This week in Snob Land we'll be finding out where I ranked in the finals for Best Political blog in Black Politics on the Web's Shining Star Award. Voting is over, so I'll be cleaning up the page and removing the links to the site.

I'm working to beef up and fix my long neglected Facebook, Black Planet, MyBlogLog and MySpace accounts. And I'll be testing some redesigns for The Secret Council of American Negroes blog, which is badly in need of a makeover.

I'll also be preparing for yet another NPR gig coming up soon on July 16.

In the real world, The Snob family is going through some rough stuff with a grave illness afflicting a member of our extended family. So if I'm flaky in my posting the next few months It's largely because I working on accepting that this relative of mine will die. He could live as short as a few weeks or as long as six months because cancer is a mother fucker.

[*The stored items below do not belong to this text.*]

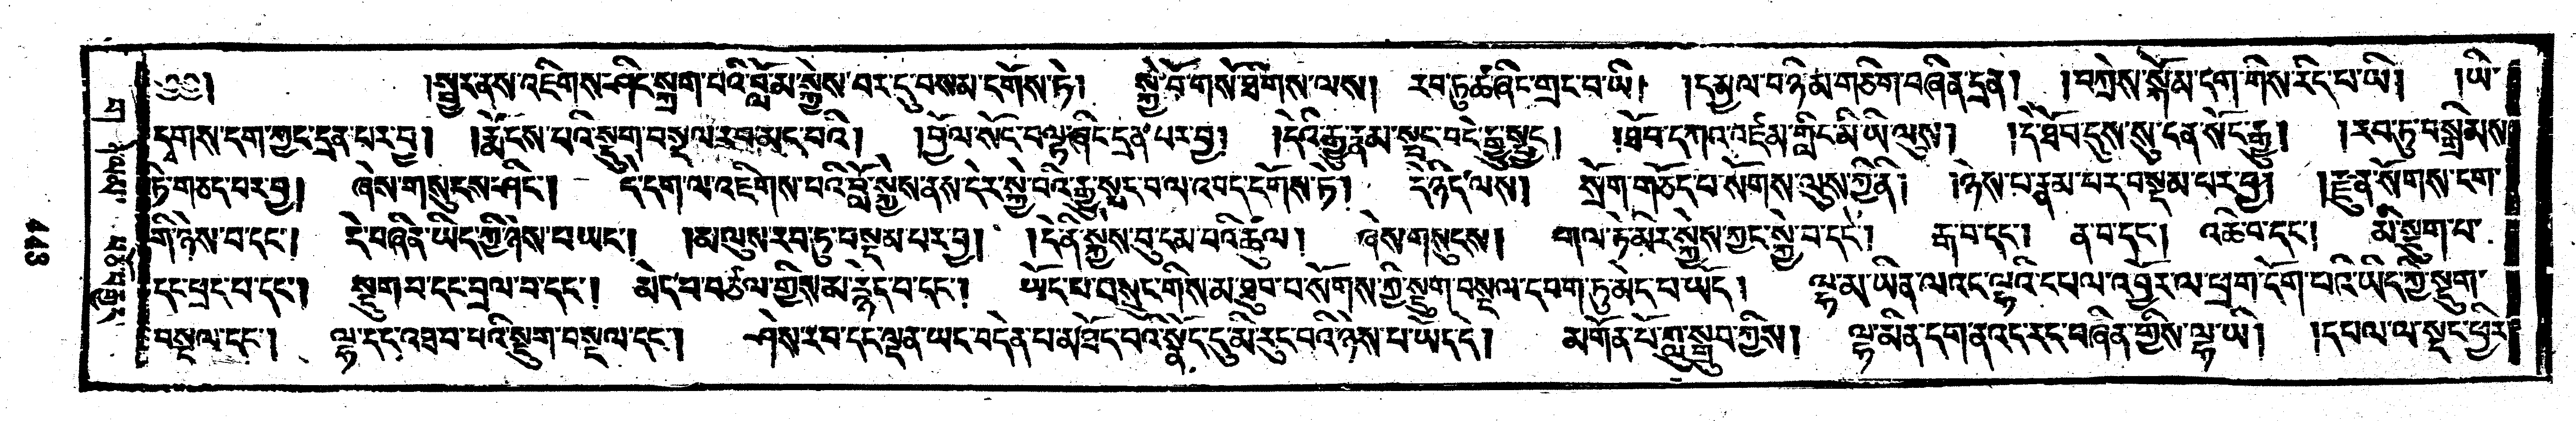༄༅། །སྦྱར་ནས་འཇིགས་ཤིང་སྐྲག་པའི་བློ་མ་སྐྱེས་བར་དུ་བསམ་དགོས་ཏེ། སྐྱེ་བོ་གསོ་ཐིགས་ལས། རབ་ཏུ་ཚ་ཞིང་གྲང་བ་ཡི། །དམྱལ་བ་ཉི་མ་གཅིག་བཞིན་དྲན། །བཀྲེས་སྐོམ་དག་གི་སྲིད་པ་ཡི། །ཡི་
དྭགས་དག་ཀྱང་དྲན་པར་བྱ། །རྨོངས་པའི་སྡུག་བསྔལ་རབ་མང་བའི། །བྱོལ་སོང་བལྟ་ཞིང་དྲན་པར་བྱ། །དེའི་རྒྱུ་རྣམ་སྤང་བདེ་རྒྱུ་སྤྱད། །ཐོབ་དཀའ་འཛམ་གླིང་མི་ཡི་ལུས། །དེ་ཐོབ་དུས་སུ་ངན་སོང་རྒྱུ། །རབ་ཏུ་བསྒྲིམས་
ཏེ་གཅད་པར་བྱ། ཞེས་གསུངས་ཤིང་། དེ་དག་ལ་འཇིགས་པའི་བློ་སྐྱེས་ནས་དེར་སྐྱེ་བའི་རྒྱུ་སྤང་བ་ལ་འབད་དགོས་ཏེ། དེ་ཉིད་ལས། སྲོག་གཅོད་པ་སོགས་ལུས་ཀྱི་ནི། །ཉེས་པ་རྣམ་པར་བསྡམ་པར་བྱ། །རྫུན་སོགས་ངག་
གི་ཉེས་པ་དང་། དེ་བཞིན་ཡིད་ཀྱི་ཉེས་པ་ཡང་། །མ་ལུས་རབ་ཏུ་བསྡམ་པར་བྱ། །དེ་ནི་སྐྱེས་བུ་དམ་པའི་ཚུལ། ཞེས་གསུངས། གལ་ཏེ་མིར་སྐྱེས་ཀྱང་སྐྱེ་བ་དང་། རྒ་བ་དང་། ན་བ་དང་། འཆི་བ་དང་། མི་སྡུག་པ་
དང་ཕྲད་པ་དང་། སྡུག་པ་དང་བྲལ་བ་དང་། མེད་པ་བཙལ་གྱིས་མ་རྙེད་པ་དང་། ཡོད་པ་བསྲུང་གིས་མ་ཐུབ་པ་སོགས་ཀྱི་སྡུག་བསྔལ་དཔག་ཏུ་མེད་པ་ཡོད། ལྷ་མ་ཡིན་ལའང་ལྷའི་དཔལ་འབྱོར་ལ་ཕྲག་དོག་པའི་ཡིད་ཀྱི་སྡུག་
བསྔལ་དང་། ལྷ་དང་འཐབ་པའི་སྡུག་བསྔལ་དང་། ཤེས་རབ་དང་ལྡན་ཡང་བདེན་པ་མཐོང་བའི་སྣོད་དུ་མི་རུང་བའི་ཉེས་པ་ཡོད་དེ། མགོན་པོ་ཀླུ་སྒྲུབ་ཀྱིས། ལྷ་མིན་དག་ནའང་རང་བཞིན་གྱིས་ལྷ་ཡི། །དཔལ་ལ་སྡང་ཕྱིར་

If you are a man or if you have a male relative or friend close to you who is pushing 50 and has never had a colonoscopy I implore you to talk to them about it, or if you're a man near 50 reading this, please, take your health seriously and have your regular checkups.

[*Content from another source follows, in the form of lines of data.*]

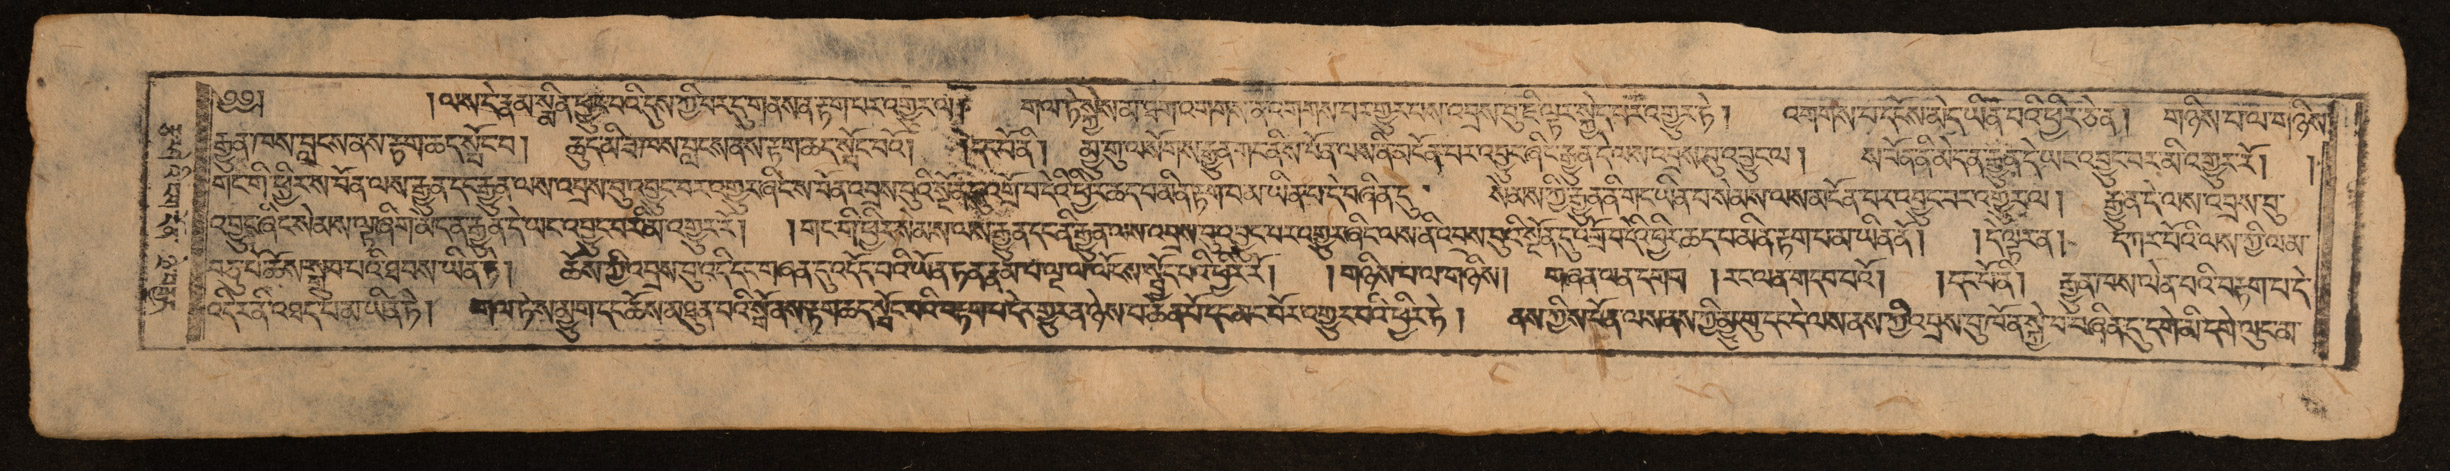༄༅། །ལས་དེ་རྣམ་སྨིན་ཕྱུང་བའི་དུས་ཀྱི་བར་དུ་གནས་ན་རྟག་པར་འགྱུར་ལ། གལ་ཏེ་སྐྱེས་མ་ཐག་འགགས་ན་འགགས་པར་གྱུར་པས་འབྲས་བུ་ཇི་ལྟར་སྐྱེད་པར་འགྱུར་ཏེ། འགགས་པ་དངོས་མེད་ཡིན་པའི་ཕྱིར་ཅེ་ན། གཉིས་པ་ལ་གཉིས་
རྒྱུན་ཁས་བླངས་ནས་རྟག་ཆད་སྤོང་བ། ཆུད་མི་ཟ་ཁས་བླངས་ནས་རྟག་ཆད་སྤོང་བའོ། །དང་པོ་ནི། མྱུ་གུ་ལ་སོགས་རྒྱུན་གང་ནི་ས་བོན་ལས་ནི་མངོན་པར་འབྱུང་ཞིང་རྒྱུན་དེ་ལས་འབྲས་བུ་འབྱུང་ལ། ས་བོན་ནི་མེད་ན་རྒྱུན་དེ་ཡང་འབྱུང་བར་མི་འགྱུར་རོ། །
གང་གི་ཕྱིར་ས་བོན་ལས་རྒྱུན་དང་རྒྱུན་ལས་འབྲས་བུ་འབྱུང་བར་འགྱུར་ཞིང་ས་བོན་འབྲས་བུའི་སྔོན་དུ་འགྲོ་བ་དེའི་ཕྱིར་ཆད་པ་མིན་རྟག་པ་མ་ཡིན་པ་དེ་བཞིན་དུ། སེམས་ཀྱི་རྒྱུན་ནི་གང་ཡིན་པ་སེམས་ལས་མངོན་པར་འབྱུང་བར་འགྱུར་ལ། རྒྱུན་དེ་ལས་འབྲས་བུ་
འབྱུང་ཞིང་སེམས་ལྟ་ཞིག་མེད་ན་རྒྱུན་དེ་ཡང་འབྱུང་བར་མི་འགྱུར་རོ། །གང་གི་ཕྱིར་སེམས་ལས་རྒྱུན་དང་ནི་རྒྱུན་ལས་འབྲས་བུ་འབྱུང་བར་འགྱུར་ཞིང་ལས་ནི་འབྲས་བུའི་སྔོན་དུ་འགྲོ་བ་དེའི་ཕྱིར་ཆད་པ་མིན་རྟག་པ་མ་ཡིན་ནོ། །དེ་ལྟར་ན། དཀར་པོའི་ལས་ཀྱི་ལམ་
བཅུ་པོ་ཆོས་སྒྲུབ་པའི་ཐབས་ཡིན་ཏེ། ཆོས་ཀྱི་འབྲས་བུ་འདི་དང་གཞན་དུ་འདོད་པའི་ཡོན་ཏན་རྣམ་པ་ལྔ་ལ་ལོངས་སྤྱོད་པའི་ཕྱིར་རོ། །གཉིས་པ་ལ་གཉིས། གཞན་ལན་དགག །རང་ལན་གདབ་པའོ། །དང་པོ་ནི། རྒྱུན་ཁས་ལེན་པའི་བརྟག་པ་དེ་
འདིར་ནི་འཐད་པ་མ་ཡིན་ཏེ། གལ་ཏེ་མྱུག་དང་ཆོས་མཐུན་པའི་སྒོ་ནས་རྟག་ཆད་སྤོང་བའི་བརྟག་པ་དེར་གྱུར་ན་ཉེས་པ་ཆེན་པོ་དང་མང་པོར་འགྱུར་བའི་ཕྱིར་ཏེ། ནས་ཀྱི་ས་བོན་ལས་ནས་ཀྱི་མྱུ་གུ་དང་དེ་ལས་ནས་ཀྱི་འབྲས་བུ་ཁོ་ན་སྐྱེ་བ་བཞིན་དུ་དགེ་མི་དགེ་ལུང་མ་

For white Americans, men live to be 75 years old on average. White women live to be almost 81 on average. For black Americans, black women live to be about 74-75 on average. But black men only live to be 67 years of age on average.

My loved one had colon cancer, never received a colonoscopy until he needed emergency surgery to remove a painful, cancerous tumor. He underwent chemotherapy but despite the best efforts of his doctors, family members and self, the tumors returned and the cancer remains and now my family must prepare for his eventual death.

I can hope for a miracle, but I'm mostly angry. I love him and he was so stubborn and steadfast in not seeing a doctor even as he lost weight and grew sicker. He is only 63 years old. We share the same birthday month, October. If he makes it to October 2008 he will be 64.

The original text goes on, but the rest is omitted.